Stored items
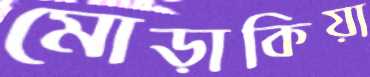
মোড়াকিয়া
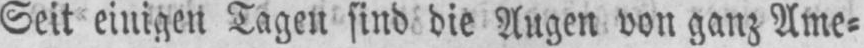
Seit einigen Tagen sind die Augen von ganz Ame⸗
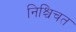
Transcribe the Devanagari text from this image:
निश्चिचत
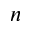
n
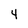
Character: 4
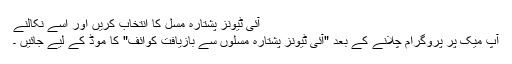
آئی ٹیونز پشتارہ مسل کا انتخاب کریں اور اسے نکالنے
آپ میک پر پروگرام چلانے کے بعد "آئی ٹیونز پشتارہ مسلوں سے بازیافت کوائف" کا موڈ کے لیے جائیں ۔
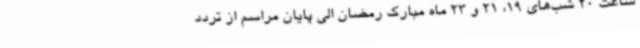
ساعت 20 شب‌های 19، 21 و 23 ماه مبارک رمضان الی پایان مراسم از تردد
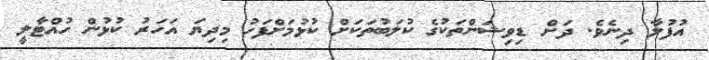
އުފުލާ ދިނެވެ. ދަށް ޑިވިޝަންތަކުގެ ކުލަބުތަކަށް ކުޅުމަށްފަހު މިދިޔަ އަހަރު ކުޅުން ހުއްޓާލީ
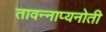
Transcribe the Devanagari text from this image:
तावन्नाप्यनोती
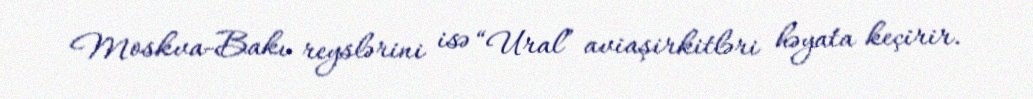
Moskva-Bakı reyslərini isə “Ural” aviaşirkitləri həyata keçirir.
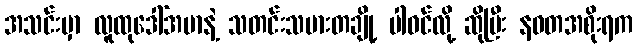
အသင်းမှာ လူထုဒေါ်အမာနဲ့ သတင်းသမားတချို့ ပါဝင်လို့ ဆိုပြီး နဝတအစိုးရက
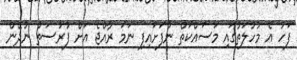
ފަހު އެ މުހުލަތުގައި މަސައްކަތް ނުފަށައިފި ނަމަ ރާއްޖެ އަށް ފުރުސަތު ނުދޭން
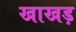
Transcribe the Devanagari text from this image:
खाखड़
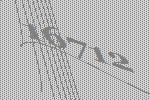
16712
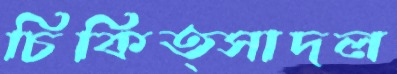
চিকিত্সাদল
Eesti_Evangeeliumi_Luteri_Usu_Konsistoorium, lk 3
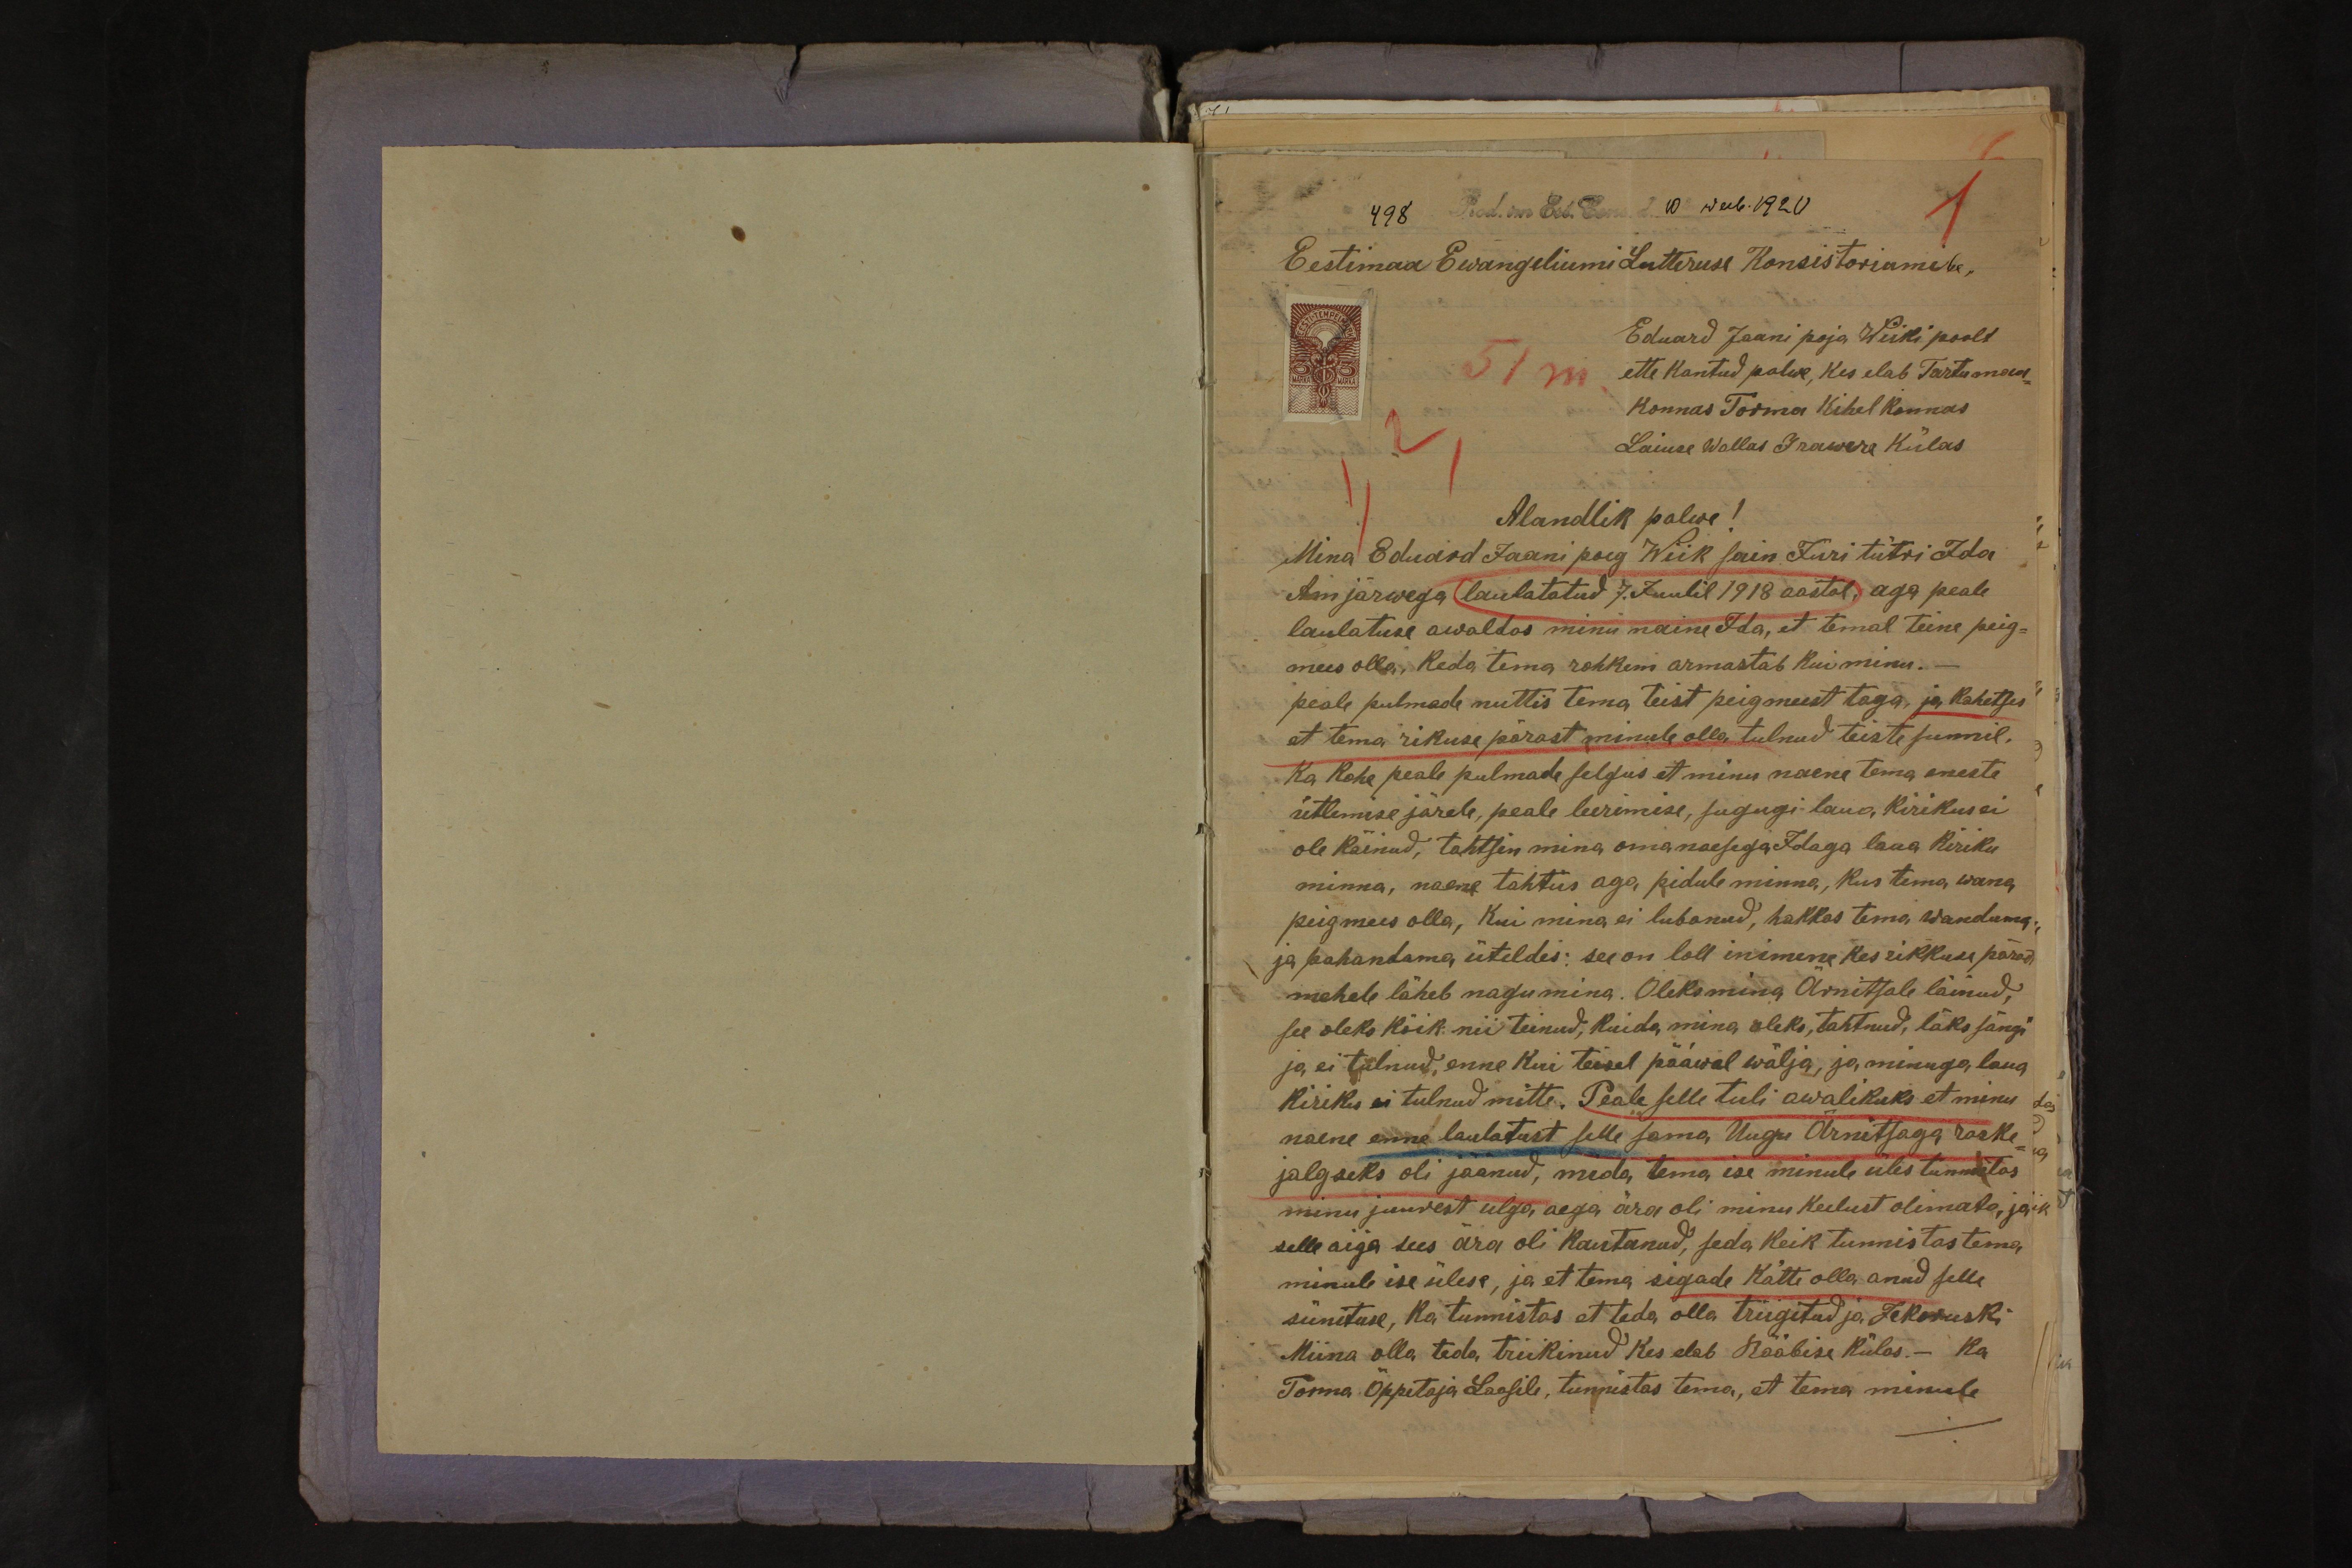
498. Prod. im Est. Cons. d. 10. weeb. 1920
1
Eestimaa Ewangeliumi Lutteruse Konsistoriumile,
Eduard Jaani poja Wiiki poolt
ette kantud palwe, kes elab Tartu maa-
konnas Torma kihelkonnas
Laiuse Wallas Irawere külas
Alandlik palwe!
Mina Eduard Jaani poeg Wiik sain Jüri tütri Ida
Ainjärwega laulatatud 7. Juulil 1918 aastal, aga peale
laulatuse awaldas minu naine Ida, et temal teine peig-
mees olla, keda tema rohkem armastab kui minu. -
peale pulmade nuttis tema teist peigmeest taga, ja kahetses
et tema rikuse pärast minule olla tulnud teiste sunnil,
Ka kohe peale pulmade selgus et minu naene tema eneste
ütlemise järele, peale leerimise, sugugi laua kirikus ei
ole käinud, tahtsin mina omanaesega Idaga laua kiriku
minna, naene tahtus aga pidule minna, kus tema wana
peigmees olla, kui mina ei lubanud, hakkas tema wanduma
ja pahandama, üteldes: see on loll inimene kes rikkuse pärast
mehele läheb nagu mina. Oleks mina Ärnitsale läinud,
see oleks kõik nii teinud, kuida mina oleks, tahtnud, läks sängi
ja ei tulnud, enne kui teisel pääwal wälja, ja minuga laua
kiriku ei tulnud mitte. Peale selle tuli awalikuks et minu
naene enne laulatust selle sama, Uugu Ärnitsaga raske
jalgseks oli jäänud, mida tema ise minule üles tunnistas.
minu juurest ulga aega ära oli minu keelust olimata, ja
selle aiga sees ära oli kautanud, seda keik tunnistas tema
minule ise ülese, ja et tema sigade kätte olla anud selle
sünituse, ka tunnistas et teda olla triigitud ja Tekokuski
Miina olla teda triikinud kes elab Rääbise külas. - Ka
Torma Õppetaja Laasile, tunnistas tema, et tema minule

■ ACTIVITY: The answer is the line with "Mina Eduard Jaani" plus every line after it to the last line of the entries above, copied exactly and with no other lines.

■ WRITTEN ANSWER:
Mina Eduard Jaani poeg Wiik sain Jüri tütri Ida
Ainjärwega laulatatud 7. Juulil 1918 aastal, aga peale
laulatuse awaldas minu naine Ida, et temal teine peig-
mees olla, keda tema rohkem armastab kui minu. -
peale pulmade nuttis tema teist peigmeest taga, ja kahetses
et tema rikuse pärast minule olla tulnud teiste sunnil,
Ka kohe peale pulmade selgus et minu naene tema eneste
ütlemise järele, peale leerimise, sugugi laua kirikus ei
ole käinud, tahtsin mina omanaesega Idaga laua kiriku
minna, naene tahtus aga pidule minna, kus tema wana
peigmees olla, kui mina ei lubanud, hakkas tema wanduma
ja pahandama, üteldes: see on loll inimene kes rikkuse pärast
mehele läheb nagu mina. Oleks mina Ärnitsale läinud,
see oleks kõik nii teinud, kuida mina oleks, tahtnud, läks sängi
ja ei tulnud, enne kui teisel pääwal wälja, ja minuga laua
kiriku ei tulnud mitte. Peale selle tuli awalikuks et minu
naene enne laulatust selle sama, Uugu Ärnitsaga raske
jalgseks oli jäänud, mida tema ise minule üles tunnistas.
minu juurest ulga aega ära oli minu keelust olimata, ja
selle aiga sees ära oli kautanud, seda keik tunnistas tema
minule ise ülese, ja et tema sigade kätte olla anud selle
sünituse, ka tunnistas et teda olla triigitud ja Tekokuski
Miina olla teda triikinud kes elab Rääbise külas. - Ka
Torma Õppetaja Laasile, tunnistas tema, et tema minule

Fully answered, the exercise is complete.